From these conversations, university leaders learned about the Nicʔ-Mní (Water) Center at Aaniiih Nakoda College, located on the Fort Belknap Reservation in Montana. Established in 2018 and supported by a $3.5 million National Science Foundation grant, the Nicʔ-Mní Center studies the reservation’s water needs, monitors the health of local waterways, and investigates ways to minimize water use in agriculture.
WRPI Program Director Boykin Witherspoon subsequently contacted administrators at the tribal college. “There seemed to be some overlap, areas of possible collaboration,” recalled Scott Friskics, Aaniiih Nakoda College’s director of sponsored programs. “So we agreed to keep talking.”
One outcome of these early conversations was Aaniiih Nakoda College’s participation in this year’s WRPI conference, where college President Sean Chandler and faculty members Randall Werk and Michael Kinsey discussed the mission of the Nicʔ-Mní Center and summarized the political and environmental issues that affect water policy on the Fort Belknap reservation.

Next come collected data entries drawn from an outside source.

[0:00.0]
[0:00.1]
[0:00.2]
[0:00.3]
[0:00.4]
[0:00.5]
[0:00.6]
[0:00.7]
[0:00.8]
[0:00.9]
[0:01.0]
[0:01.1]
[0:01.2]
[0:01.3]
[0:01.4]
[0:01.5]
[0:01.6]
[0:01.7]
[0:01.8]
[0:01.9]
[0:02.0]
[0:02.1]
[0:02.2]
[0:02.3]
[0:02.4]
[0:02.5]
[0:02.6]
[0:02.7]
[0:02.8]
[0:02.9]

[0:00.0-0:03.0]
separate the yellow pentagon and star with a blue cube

Randall Werk noted that, for tribes, policy is largely shaped by treaties and subsequent court rulings that often weaken—but occasionally affirm—tribal sovereignty. He reminded viewers that the sovereign rights of tribes are constrained only by the rights they expressly gave up. He called this “an ace in the hole” for Native nations, providing more autonomy and power than many people realize.

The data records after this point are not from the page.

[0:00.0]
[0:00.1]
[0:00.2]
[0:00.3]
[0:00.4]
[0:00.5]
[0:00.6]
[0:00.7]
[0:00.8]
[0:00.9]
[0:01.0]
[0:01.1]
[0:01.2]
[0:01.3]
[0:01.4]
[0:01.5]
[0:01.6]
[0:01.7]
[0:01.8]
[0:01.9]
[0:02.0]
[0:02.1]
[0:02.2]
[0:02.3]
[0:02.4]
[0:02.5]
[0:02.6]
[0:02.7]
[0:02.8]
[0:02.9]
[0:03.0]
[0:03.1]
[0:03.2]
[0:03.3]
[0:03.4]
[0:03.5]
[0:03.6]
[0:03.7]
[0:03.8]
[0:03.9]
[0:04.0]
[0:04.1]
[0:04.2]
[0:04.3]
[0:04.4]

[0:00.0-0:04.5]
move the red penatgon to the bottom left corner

However, many tribes lack the capacity to assert their rights or manage their own resources. In the late nineteenth century, for example, the Fort Belknap Reservation was coerced into selling part of their reservation after gold was discovered in the Little Rocky Mountains. The work of prospectors eventually consolidated into a massive open pit mine that is now closed but continues to contaminate streams flowing into the reservation. Current efforts by the Montana Department of Environmental Quality to contain run-off are only partially successful.
In this context, the college’s Nicʔ-Mní Center provides the expertise the tribe needs to conduct research relevant to the Fort Belknap Reservation, said Project Manager Michael Kinsey. Water Center projects including ongoing monitoring of groundwater and bioassessments of streams flowing out of the Little Rocky Mountains. A third project is testing crop yields using an underground irrigation system.
This kind of empowerment reflects the goals of WRPI, said Jim Fenelon, a CSU-San Bernardino faculty member, who discussed his work with Native communities in the Santa Ana River watershed of southern California. Focusing on community empowerment, the project sought to identify needs and solutions through listening sessions and engagement with community organizations.
Looking to the future, ANC’s Scott Friskics believes WRPI’s consultation model can be applied on the Fort Belknap Reservation. Additionally, he noted that CSU faculty affiliated with WRPI “have a lot of expertise…in irrigation and water management, and they’ve offered to talk with us and, more importantly, the Fort Belknap Indian Community Council about assessing the reservation’s irrigation and water distribution system, and making some recommendations.”
As a first step, however, Friskics expressed gratitude for the opportunity to share the college’s work. The conference, he said, “provided a wonderful opportunity for Aaniiih Nakoda College to share the story of Fort Belknap’s historical water issues and the current work of our Nicʔ-Mní Center with a new and diverse audience.”
“We look forward to continuing our partnership with the WRPI at CSU as we share ideas about water education, research, and management programs in our respective areas,” Friskics said.
Paul Boyer is editor of Native Science Report.